This page provides a brief introduction to why high school is a critical phase of your life, and a few big ideas to keep in mind. Read it, and then proceed to explore our range of advice offerings.

You here will refer to a high school student, typically an early high school student.

How high school matters

High school is a critical phase for reasons to do both with biology and the structure of academic systems, because of the juxtaposition of two facts:

  • You are still officially a minor (a child) so that you do not have any of the responsibilites associated with adulthood to weigh you down, and your mental capacity is still growing and malleable.
  • You have entered a period of life where you are sufficiently mature to do important activities, and others expect you to act responsibly. Your actions have consequences for yourself and others.

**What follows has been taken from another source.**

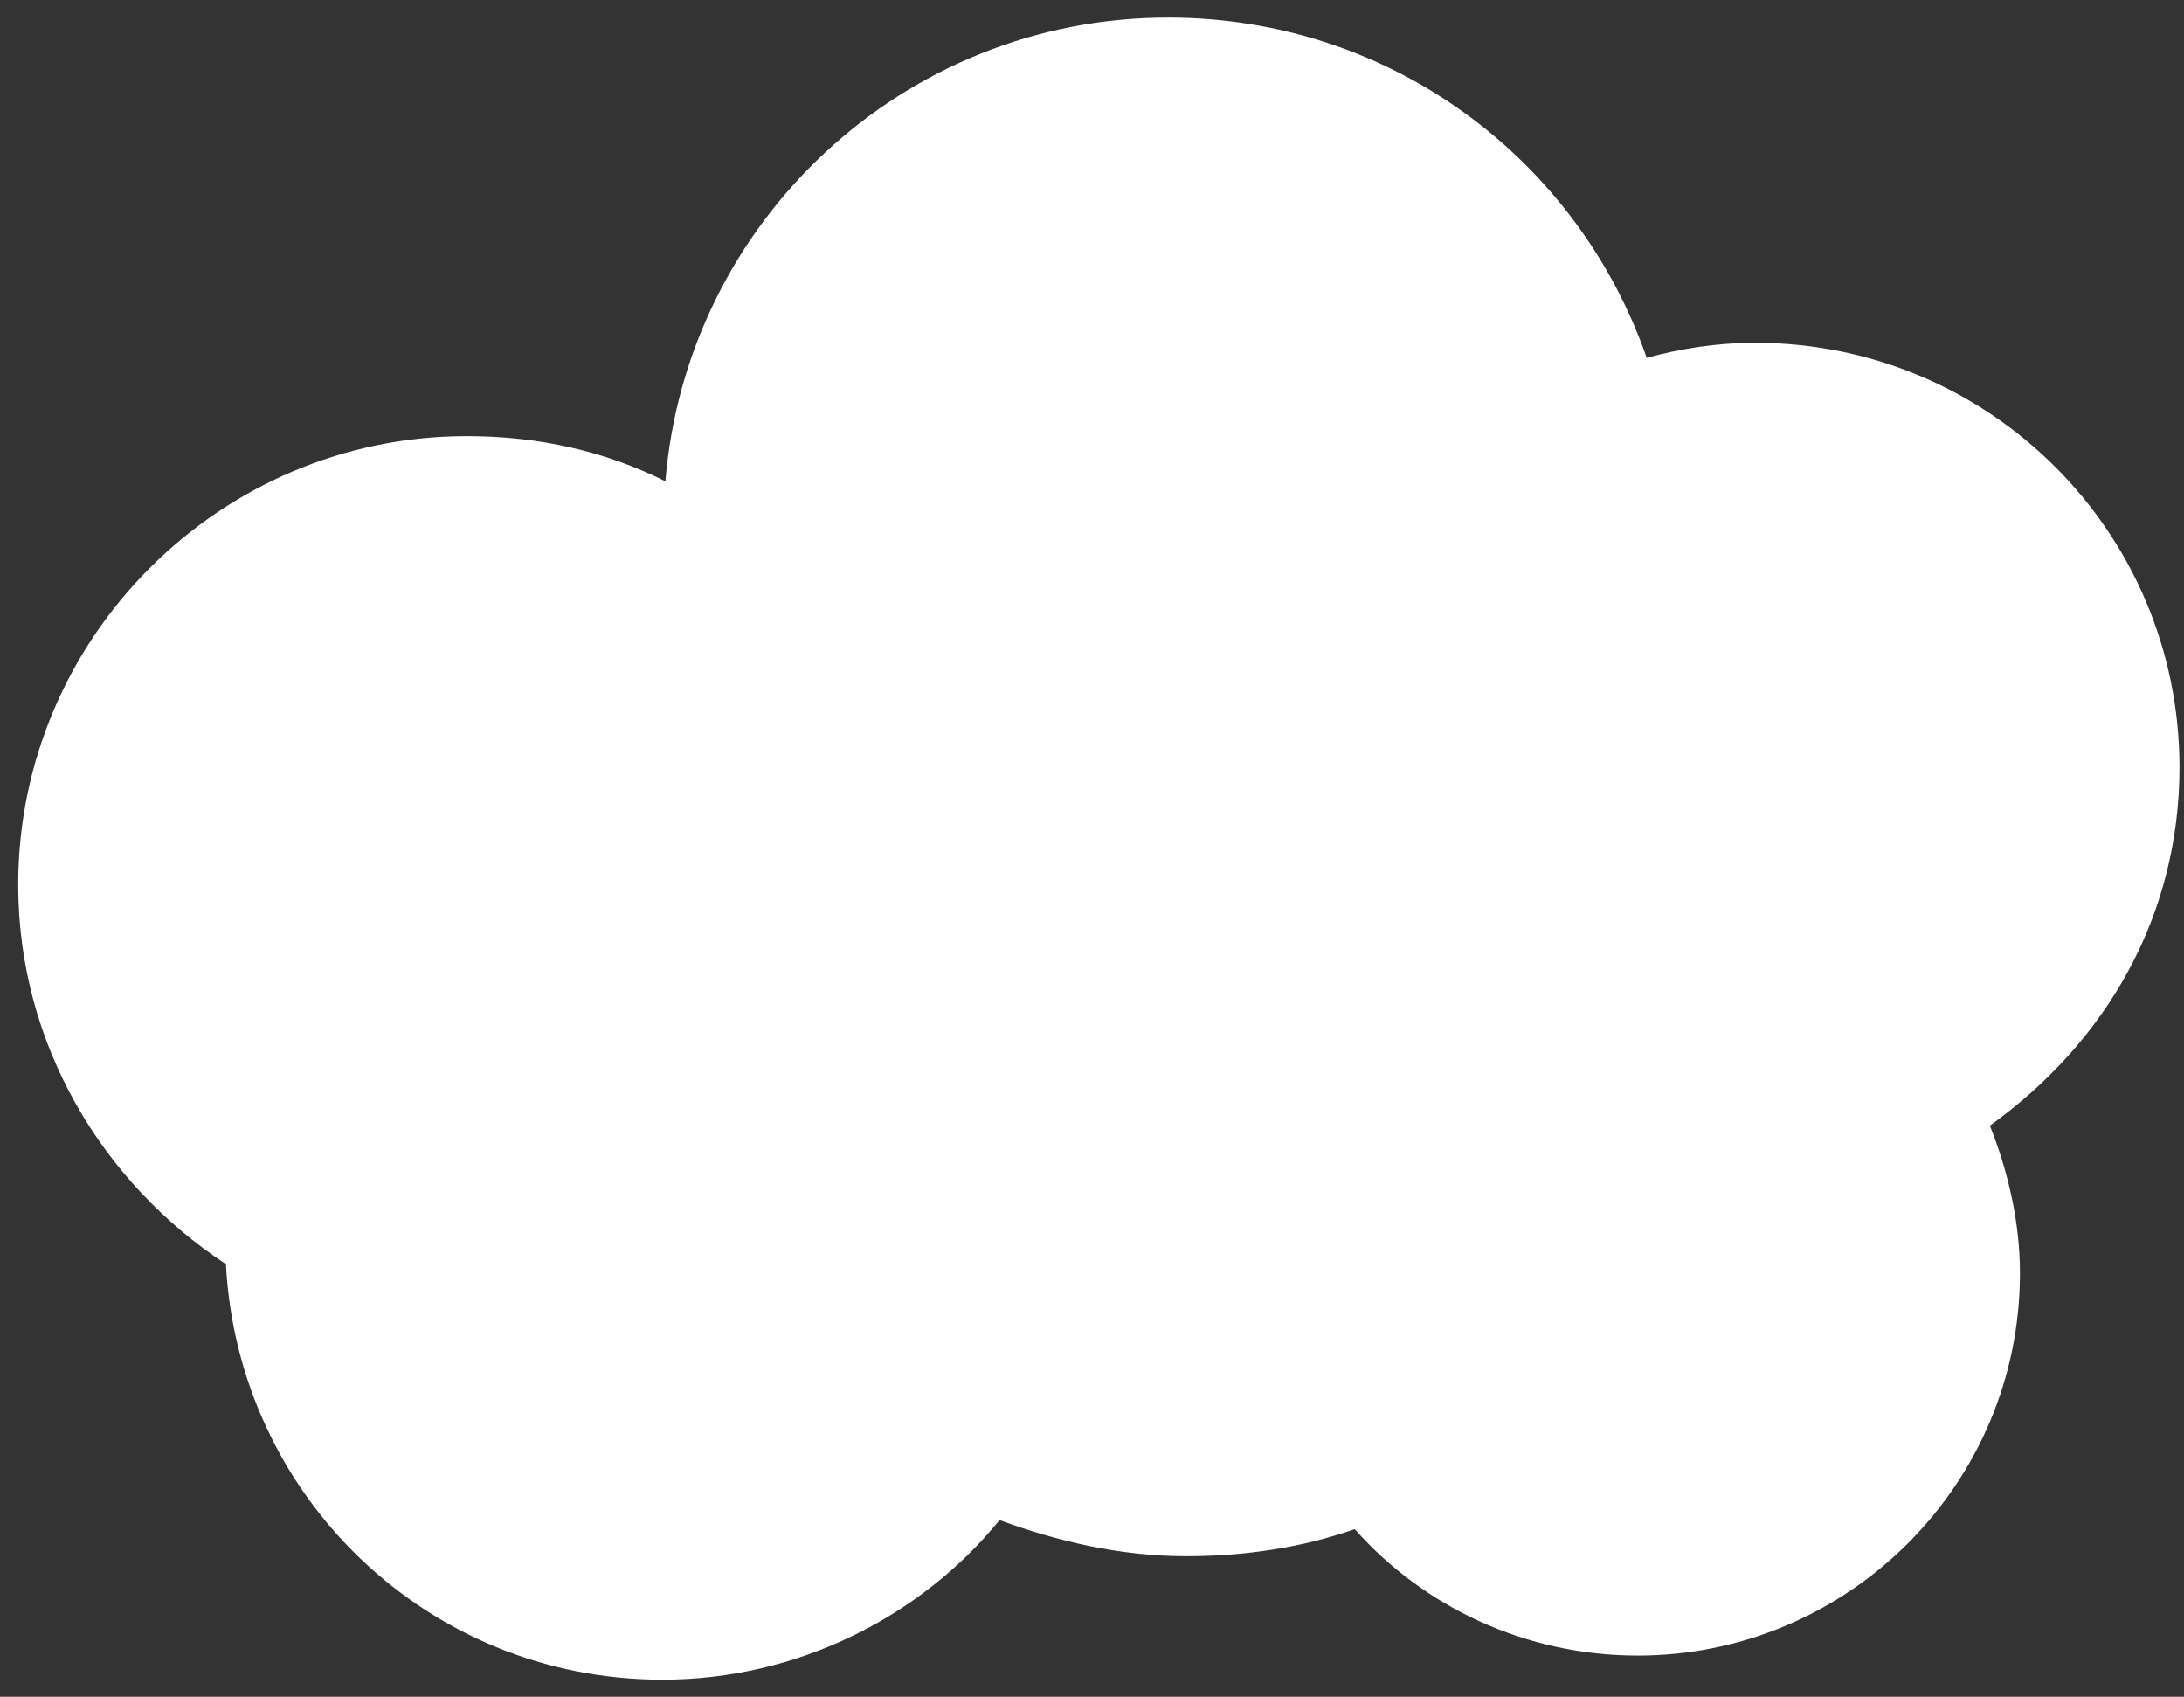 <svg width="103" height="80" viewBox="0 0 103 80" fill="none" xmlns="http://www.w3.org/2000/svg">
<rect x="0" y="0" width="103" height="80" fill="#333333" stroke="none"/>
<path d="M102.787 36.178C102.787 25.105 93.844 16.162 82.771 16.162C80.925 16.162 79.222 16.446 77.66 16.872C74.395 7.502 65.594 0.83 55.089 0.83C42.596 0.83 32.375 10.483 31.381 22.692C28.542 21.273 25.419 20.563 22.012 20.563C10.371 20.563 0.859 30.074 0.859 41.715C0.859 49.239 4.834 55.769 10.655 59.602C11.223 70.533 20.166 79.193 31.239 79.193C37.627 79.193 43.448 76.211 47.139 71.669C49.836 72.662 52.817 73.372 55.94 73.372C58.779 73.372 61.477 72.946 63.89 72.095C67.155 75.786 71.982 78.057 77.234 78.057C87.172 78.057 95.263 69.965 95.263 60.028C95.263 57.614 94.696 55.201 93.844 53.072C99.38 49.097 102.787 43.135 102.787 36.178Z" fill="white"/>
</svg>

The negative: getting into trouble

In high school, you can get into trouble in ways that could radically alter your future life trajectory in ways that are (for the most part) bad. Examples:

  • Drugs, alcohol, or smoking, both the activities themselves, and getting caught doing them.
  • Getting pregnant, as well as other problems related to sexual activity, such as getting in trouble with your school for sexual activity, getting a sexually transmitted disease, etc.
  • Getting a police record due to violent or property crime or gang activity.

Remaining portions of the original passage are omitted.